→ Directions:
Please restate each line of the material word for word and omit any pictures.

→ Data extracts:
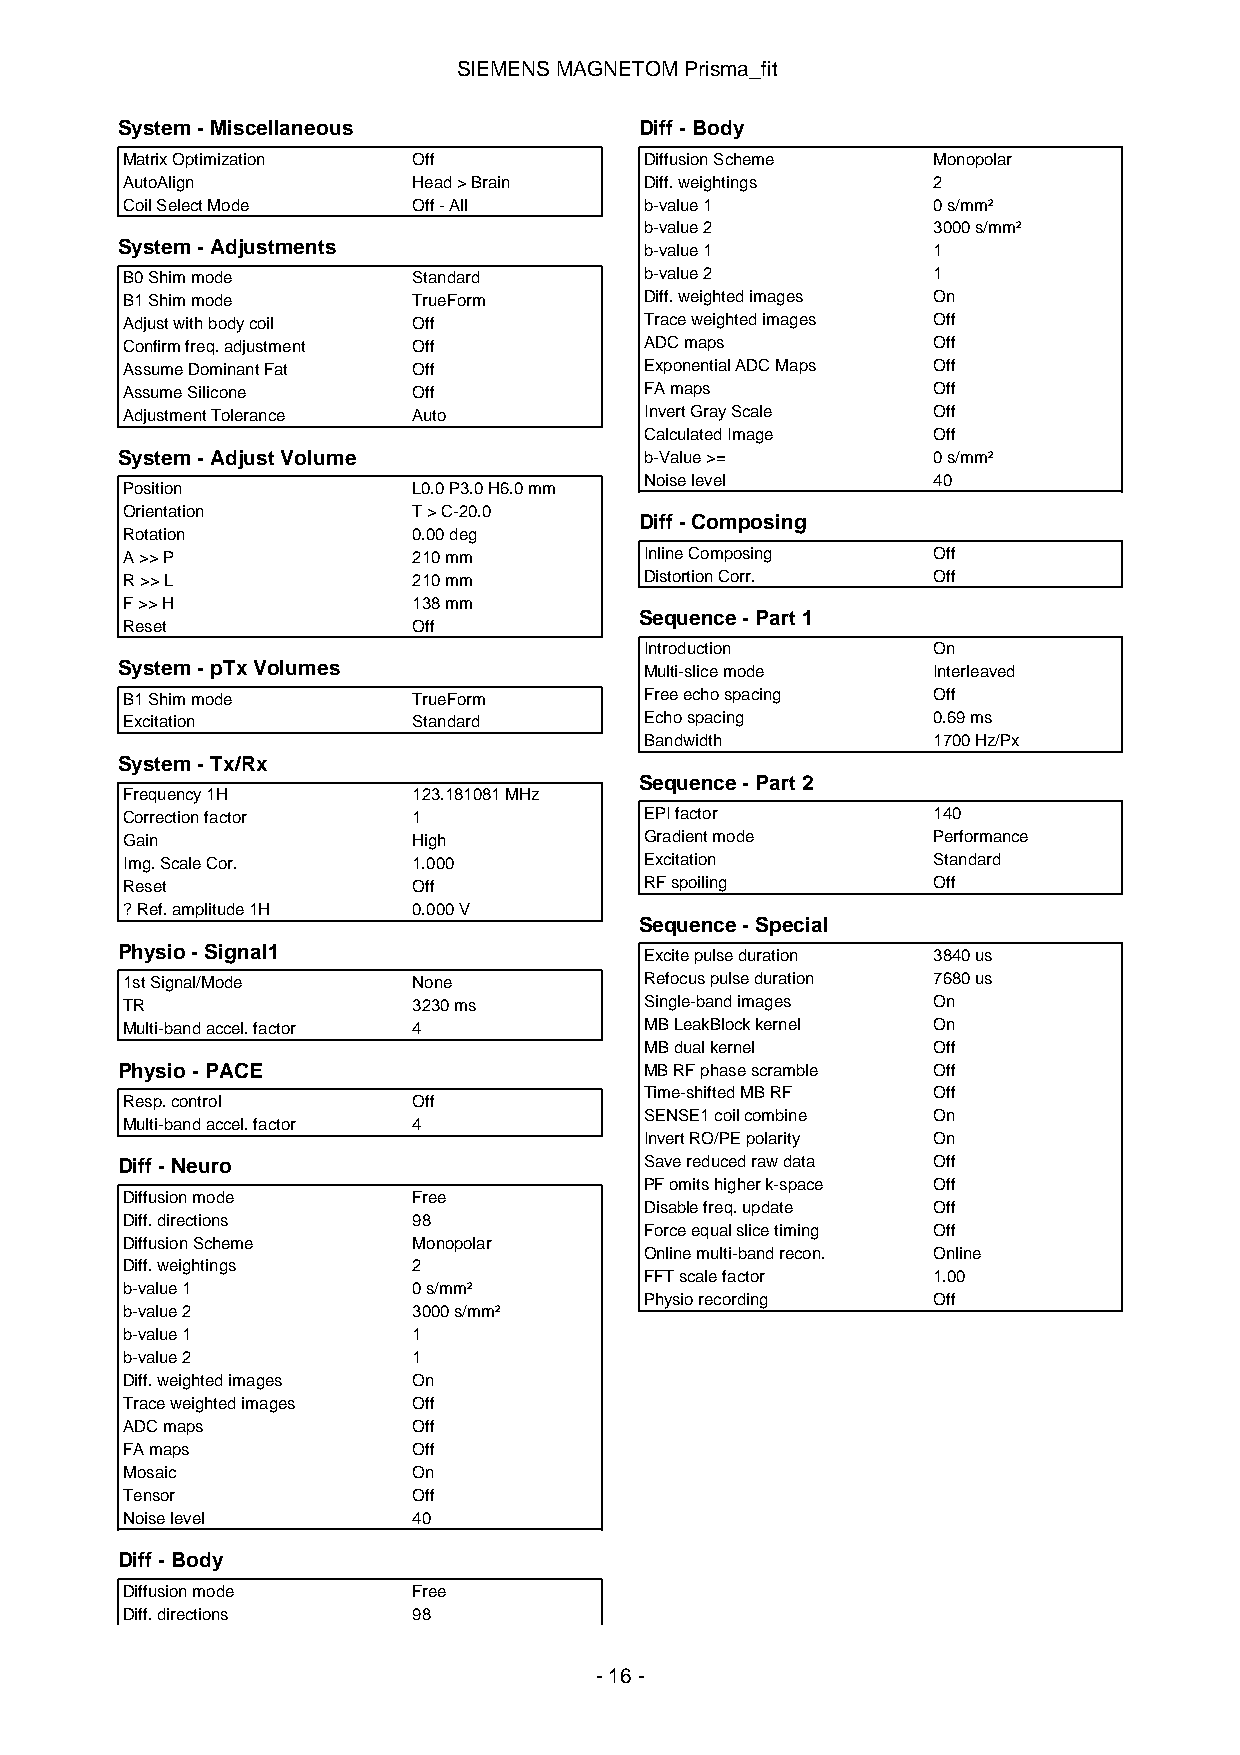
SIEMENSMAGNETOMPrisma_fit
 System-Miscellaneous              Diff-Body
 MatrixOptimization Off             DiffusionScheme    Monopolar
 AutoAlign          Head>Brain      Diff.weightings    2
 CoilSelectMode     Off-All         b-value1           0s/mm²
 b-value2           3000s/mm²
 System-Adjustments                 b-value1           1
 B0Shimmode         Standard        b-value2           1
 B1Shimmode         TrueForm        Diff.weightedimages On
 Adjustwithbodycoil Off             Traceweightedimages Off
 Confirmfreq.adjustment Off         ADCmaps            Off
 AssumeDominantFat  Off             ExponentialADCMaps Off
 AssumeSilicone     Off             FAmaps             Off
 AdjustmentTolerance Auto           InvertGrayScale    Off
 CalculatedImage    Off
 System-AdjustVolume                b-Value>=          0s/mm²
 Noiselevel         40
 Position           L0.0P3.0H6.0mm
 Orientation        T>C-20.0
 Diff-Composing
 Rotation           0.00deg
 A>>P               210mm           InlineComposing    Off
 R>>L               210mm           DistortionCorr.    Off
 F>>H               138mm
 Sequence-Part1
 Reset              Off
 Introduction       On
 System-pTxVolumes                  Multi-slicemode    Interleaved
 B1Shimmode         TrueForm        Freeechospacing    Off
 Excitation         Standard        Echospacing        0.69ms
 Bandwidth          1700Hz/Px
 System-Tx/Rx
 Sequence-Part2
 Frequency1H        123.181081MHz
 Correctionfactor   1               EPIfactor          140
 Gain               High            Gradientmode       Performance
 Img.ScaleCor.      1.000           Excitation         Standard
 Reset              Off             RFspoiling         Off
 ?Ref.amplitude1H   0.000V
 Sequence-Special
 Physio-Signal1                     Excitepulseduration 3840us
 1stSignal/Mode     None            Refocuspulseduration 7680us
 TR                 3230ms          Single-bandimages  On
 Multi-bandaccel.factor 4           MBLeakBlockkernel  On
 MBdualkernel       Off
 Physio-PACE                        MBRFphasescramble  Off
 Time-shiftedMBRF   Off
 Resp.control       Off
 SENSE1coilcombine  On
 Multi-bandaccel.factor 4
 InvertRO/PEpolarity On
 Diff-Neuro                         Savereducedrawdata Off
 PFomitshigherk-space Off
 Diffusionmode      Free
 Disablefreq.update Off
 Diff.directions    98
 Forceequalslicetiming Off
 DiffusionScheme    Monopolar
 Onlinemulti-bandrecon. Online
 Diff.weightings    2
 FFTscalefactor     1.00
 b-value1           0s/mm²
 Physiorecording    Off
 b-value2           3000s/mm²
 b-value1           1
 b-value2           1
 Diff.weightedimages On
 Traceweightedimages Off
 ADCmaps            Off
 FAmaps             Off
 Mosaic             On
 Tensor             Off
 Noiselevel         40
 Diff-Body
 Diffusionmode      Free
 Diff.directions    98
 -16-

→ Exercise answer:
SIEMENSMAGNETOMPrisma_fit
 System-Miscellaneous              Diff-Body
 MatrixOptimization Off             DiffusionScheme    Monopolar
 AutoAlign          Head>Brain      Diff.weightings    2
 CoilSelectMode     Off-All         b-value1           0s/mm²
 b-value2           3000s/mm²
 System-Adjustments                 b-value1           1
 B0Shimmode         Standard        b-value2           1
 B1Shimmode         TrueForm        Diff.weightedimages On
 Adjustwithbodycoil Off             Traceweightedimages Off
 Confirmfreq.adjustment Off         ADCmaps            Off
 AssumeDominantFat  Off             ExponentialADCMaps Off
 AssumeSilicone     Off             FAmaps             Off
 AdjustmentTolerance Auto           InvertGrayScale    Off
 CalculatedImage    Off
 System-AdjustVolume                b-Value>=          0s/mm²
 Noiselevel         40
 Position           L0.0P3.0H6.0mm
 Orientation        T>C-20.0
 Diff-Composing
 Rotation           0.00deg
 A>>P               210mm           InlineComposing    Off
 R>>L               210mm           DistortionCorr.    Off
 F>>H               138mm
 Sequence-Part1
 Reset              Off
 Introduction       On
 System-pTxVolumes                  Multi-slicemode    Interleaved
 B1Shimmode         TrueForm        Freeechospacing    Off
 Excitation         Standard        Echospacing        0.69ms
 Bandwidth          1700Hz/Px
 System-Tx/Rx
 Sequence-Part2
 Frequency1H        123.181081MHz
 Correctionfactor   1               EPIfactor          140
 Gain               High            Gradientmode       Performance
 Img.ScaleCor.      1.000           Excitation         Standard
 Reset              Off             RFspoiling         Off
 ?Ref.amplitude1H   0.000V
 Sequence-Special
 Physio-Signal1                     Excitepulseduration 3840us
 1stSignal/Mode     None            Refocuspulseduration 7680us
 TR                 3230ms          Single-bandimages  On
 Multi-bandaccel.factor 4           MBLeakBlockkernel  On
 MBdualkernel       Off
 Physio-PACE                        MBRFphasescramble  Off
 Time-shiftedMBRF   Off
 Resp.control       Off
 SENSE1coilcombine  On
 Multi-bandaccel.factor 4
 InvertRO/PEpolarity On
 Diff-Neuro                         Savereducedrawdata Off
 PFomitshigherk-space Off
 Diffusionmode      Free
 Disablefreq.update Off
 Diff.directions    98
 Forceequalslicetiming Off
 DiffusionScheme    Monopolar
 Onlinemulti-bandrecon. Online
 Diff.weightings    2
 FFTscalefactor     1.00
 b-value1           0s/mm²
 Physiorecording    Off
 b-value2           3000s/mm²
 b-value1           1
 b-value2           1
 Diff.weightedimages On
 Traceweightedimages Off
 ADCmaps            Off
 FAmaps             Off
 Mosaic             On
 Tensor             Off
 Noiselevel         40
 Diff-Body
 Diffusionmode      Free
 Diff.directions    98
 -16-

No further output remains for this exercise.